Assignment |
Which lines of the records hold the string "wide"? Report only how many of them there are.

Records shown |
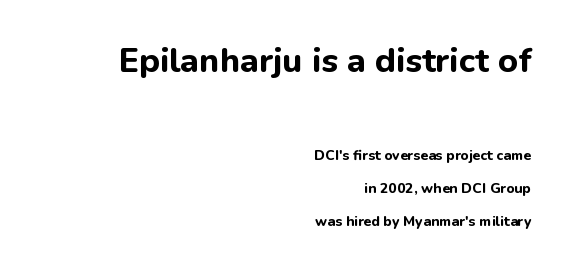
Q: Is the text bold? A: Yes.
Q: Is the text italic (slanted)? A: No, it is upright.
Q: Is the typeface a serif or a sans-serif typeface? A: Sans-serif.
Q: Is the text underlined? A: No.
Q: How is the paragraph aligned? A: Right-aligned.
Q: Is the spacing between letters normal or unusually wide? A: Normal.
Q: Is the spacing between lines tight, normal or loose? A: Loose.
Q: Which block of text is set in a larger size, the first (top) or the second (bottom)? A: The first (top) one.
Q: Width (condensed, normal, or wide)? A: Normal.
Q: Stroke contrast? A: Low.
Q: x-height? A: Medium.
Q: Monospaced? A: No.

Final answer |
2